Synopsis: In the late 1880’s in country Victoria, life for the Kelly family is far from ideal, but at least they are together. If only the police would leave them and their fellow Irish countrymen alone. After the eldest son, Ned (Heath Ledger) is thrown in jail, wrongly accused of stealing a horse, it becomes apparent that the police have no intention of letting the Kellys get on with their lives. Ned and his brother are faced with the choice of being victimised by a corrupt police force or fighting for what they believe is their right - to be treated fairly.

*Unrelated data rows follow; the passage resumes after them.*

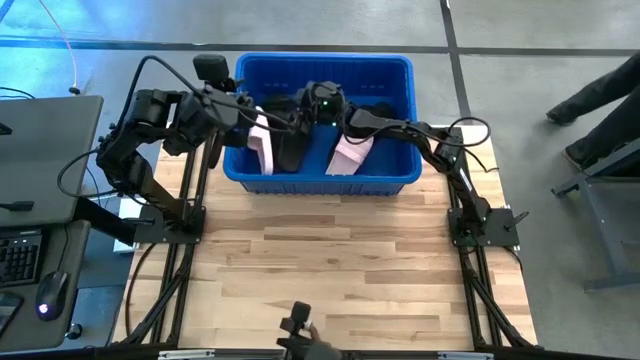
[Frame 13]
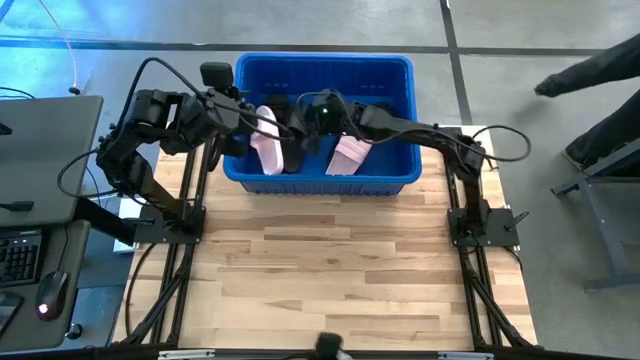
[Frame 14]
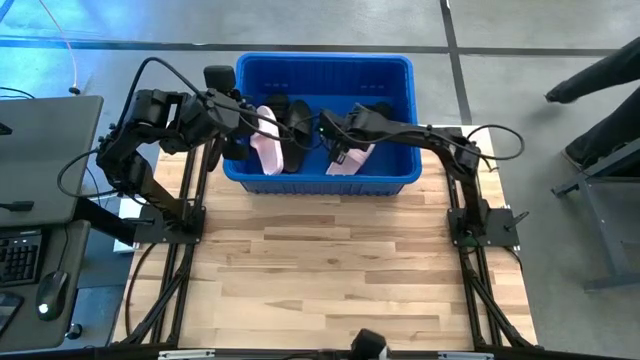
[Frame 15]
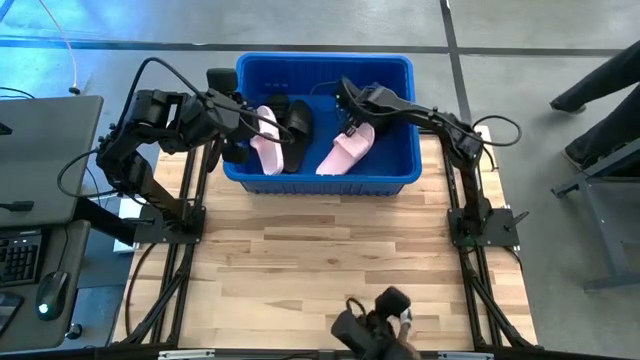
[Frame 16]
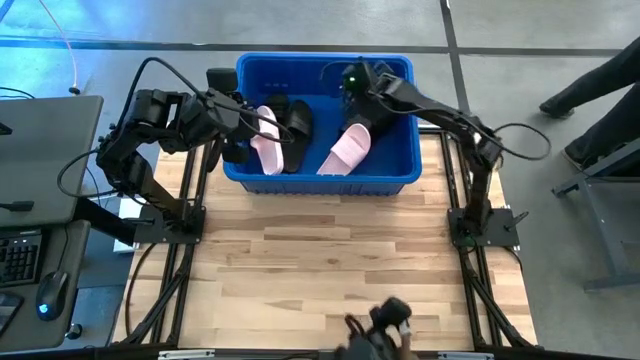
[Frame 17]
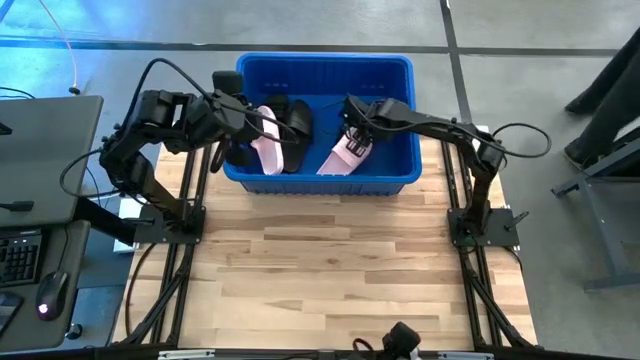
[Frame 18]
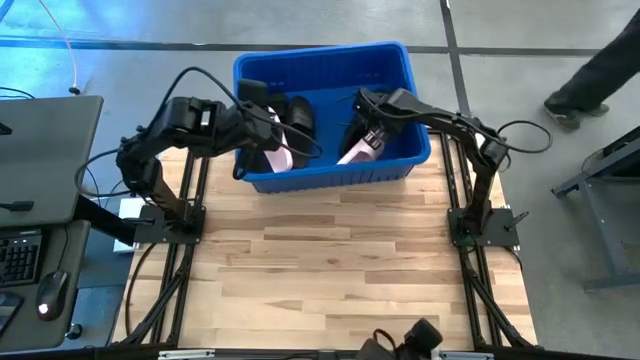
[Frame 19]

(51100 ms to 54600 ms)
Adjust the slides

The screenplay for Gregor Jordan’s Ned Kelly is based on the fictionalised account of the bushranger’s life, Our Sunshine, by Robert Drewe. It combines both historically accurate details, as well as some fictionalised aspects that were included with the intention of creating a film that would present a broader palette than just guns and men on horseback. This decision to elaborate on what might have happened, or what thoughts might have been going through Kelly’s head is an accepted addition to stories based on real life characters these days. In a post-modern world where truth is seen to be relative, all interpretations are up for grabs.

Ned Kelly is a great-looking film. Cinematography, art direction and costume departments have created a world that allows the audience to believe they have travelled back into the early days of the colonisation of Australia. Attention to detail is paramount, even to the extent of creating that famous armour using steel which weighed eighty pounds, with the actors insisting on wearing it in order to give an authentic performance. And what a performance they gave. Jordan has to be congratulated on his insistence that Heath Ledger perform the part of Kelly. Ledger wholeheartedly convinces us that the killing of police officers and the robbing of banks are forced on him by the injustice of ignorant and power-hungry law enforcers.

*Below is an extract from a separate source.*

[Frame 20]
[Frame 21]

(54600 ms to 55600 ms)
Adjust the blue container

The three other members of the gang are equally as convincing in their roles. Orlando Bloom as Ned’s right hand man, Joe Byrne, Laurence Kinlan as the younger brother, Dan, and Philip Barantini as Dan’s friend, Steve Hart. Jim Howes was superb (okay, he’s a friend of mine) as the Glenrowan train doctor.  It has got to be difficult to take a story like this where everyone knows the ending and breath enough life into it for potential audiences to pay to see it. A couple of people to whom I mentioned having seen the film said they weren’t really interested. A little cultural cringe maybe?

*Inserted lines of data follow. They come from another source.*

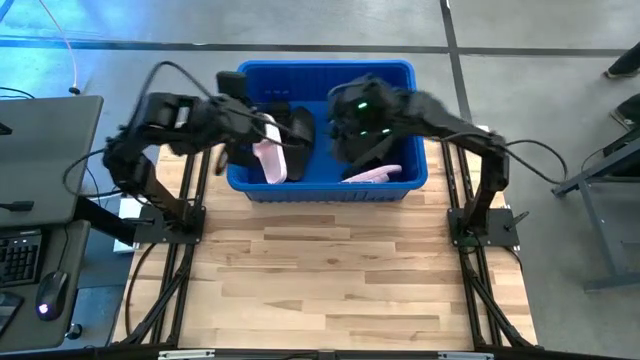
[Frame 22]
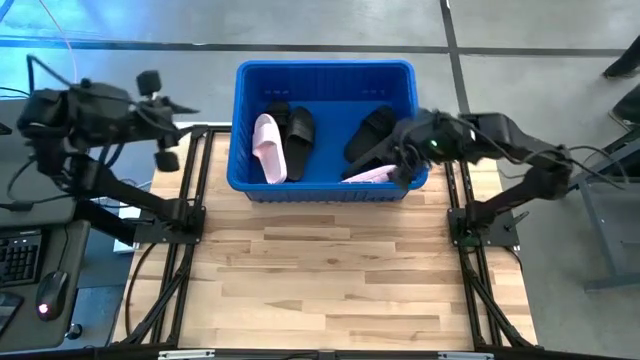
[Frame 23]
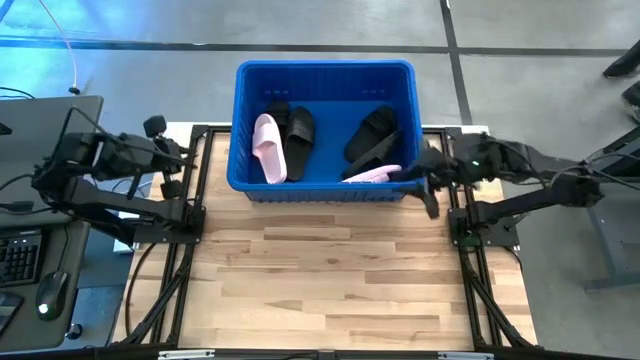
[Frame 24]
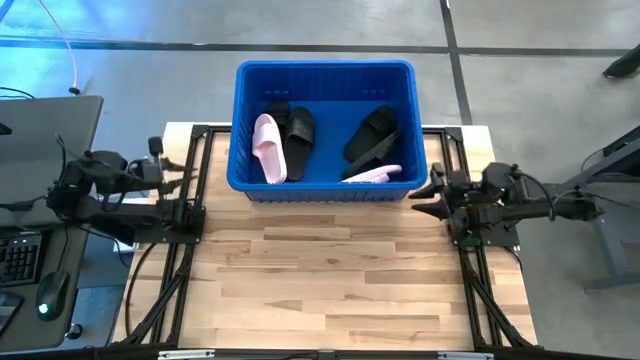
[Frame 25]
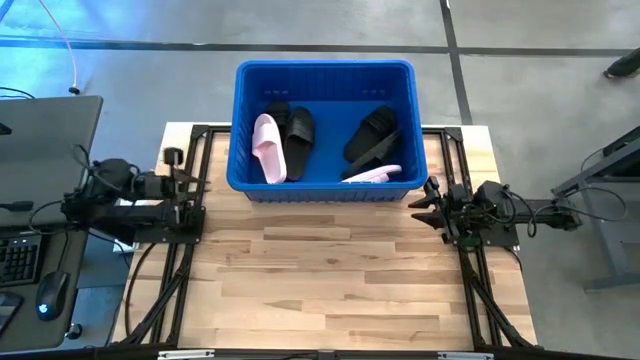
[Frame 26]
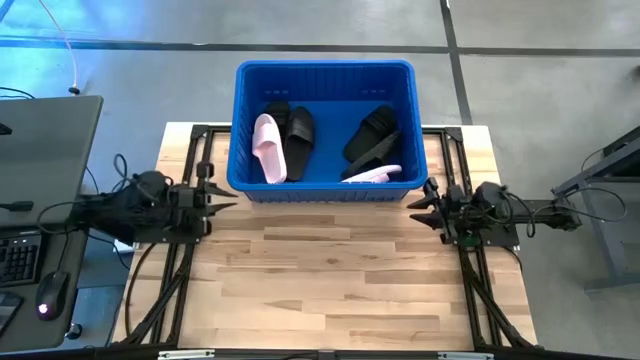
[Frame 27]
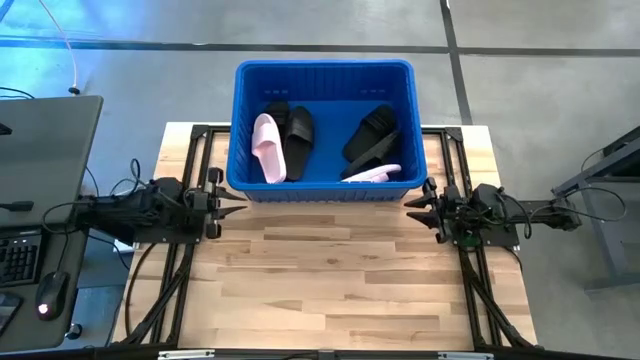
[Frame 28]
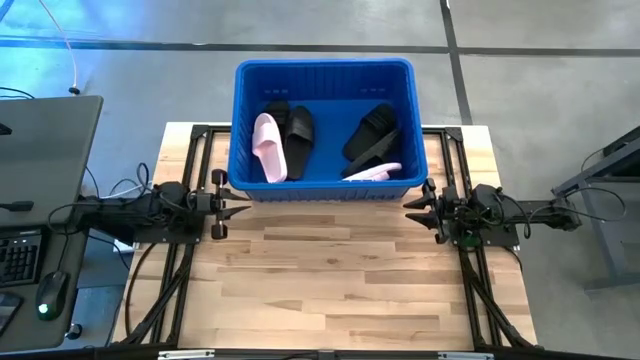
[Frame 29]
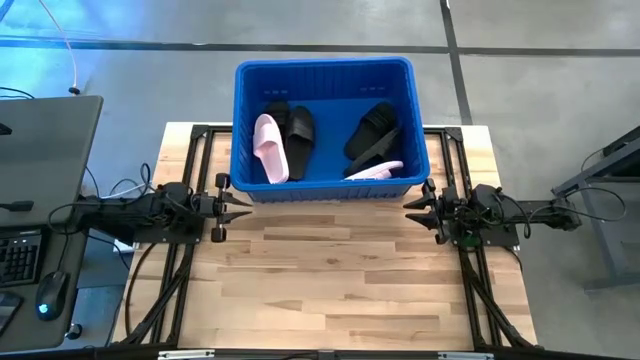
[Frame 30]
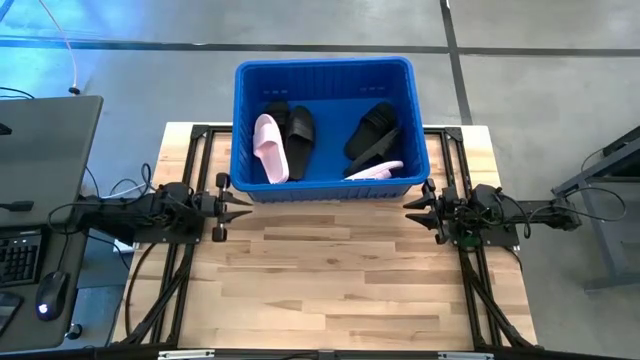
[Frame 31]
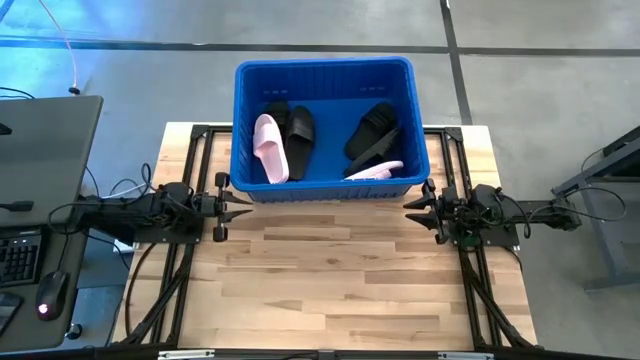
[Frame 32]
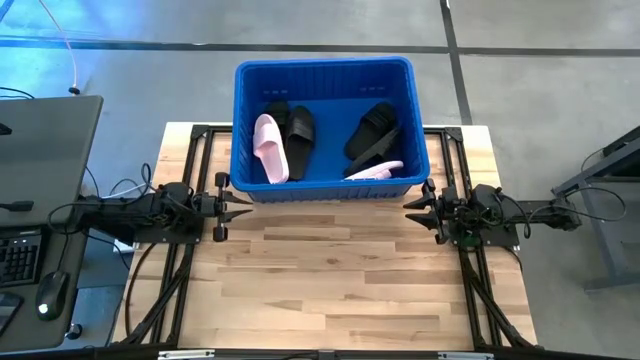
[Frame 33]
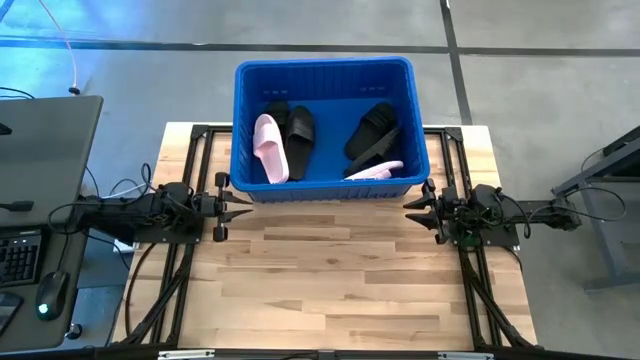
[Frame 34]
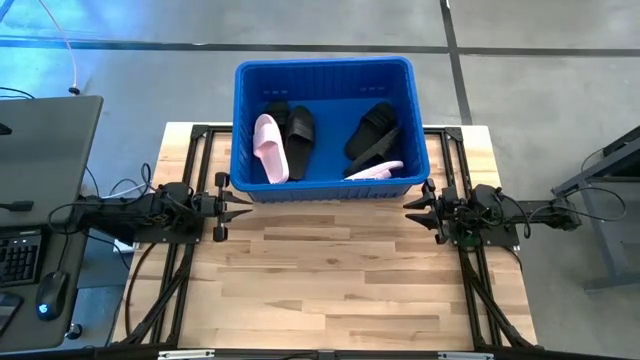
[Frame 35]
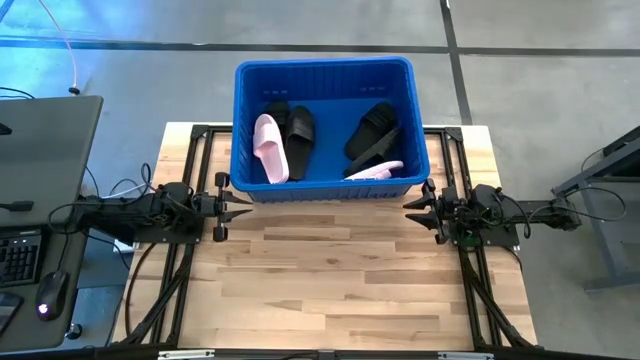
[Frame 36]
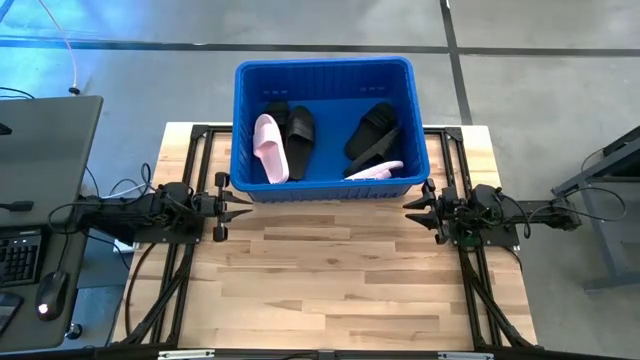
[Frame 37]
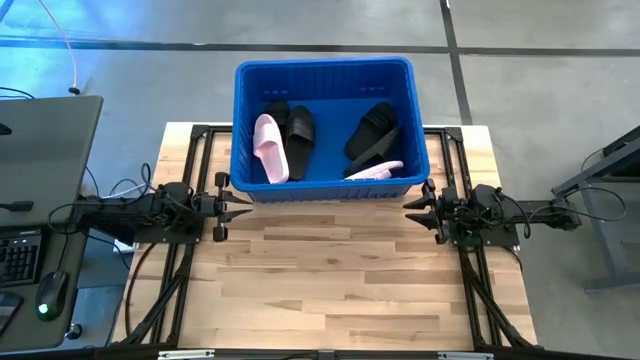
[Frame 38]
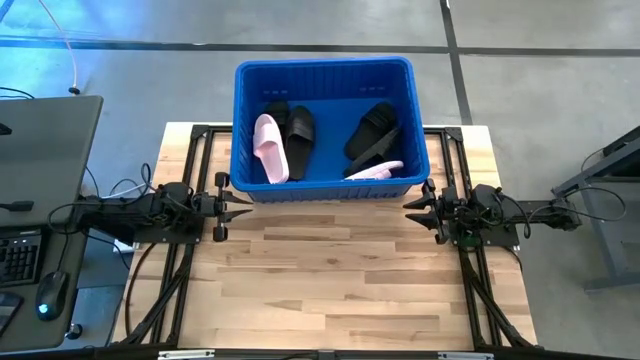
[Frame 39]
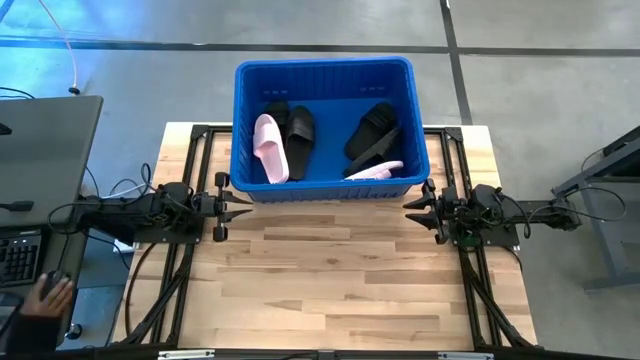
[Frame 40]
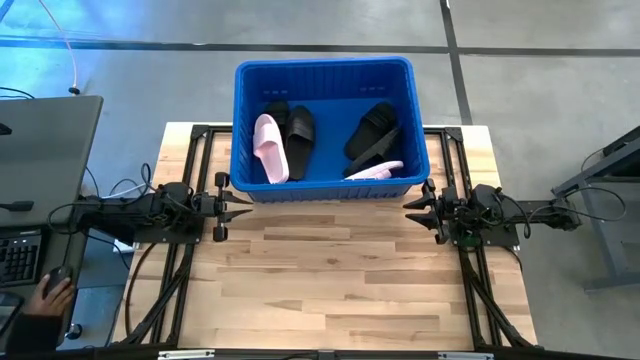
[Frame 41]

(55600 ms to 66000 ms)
Return to Home Position

I predict that Jordan's film will do better outside of Australia. I hope Aussie audiences will prove me wrong. Personally, I would have preferred more of the "dreamlike, poetic" nature of the book, but that might have turned away those of us who like a bit of action. The only criticism I have is that the momentum of the film seemed to drag midway. As Geoffrey Rush’s character studies a burnt watch found in the cinders of Kelly’s hide-out, the gentleman sitting next to me looked to his thoroughly modern wristwatch for different reasons. All will be forgiven if they make a sequel bringing us up to speed about how on earth Kelly’s supporters managed to get 32,000 people to sign a petition against the hanging, and why it was ignored by the authorities.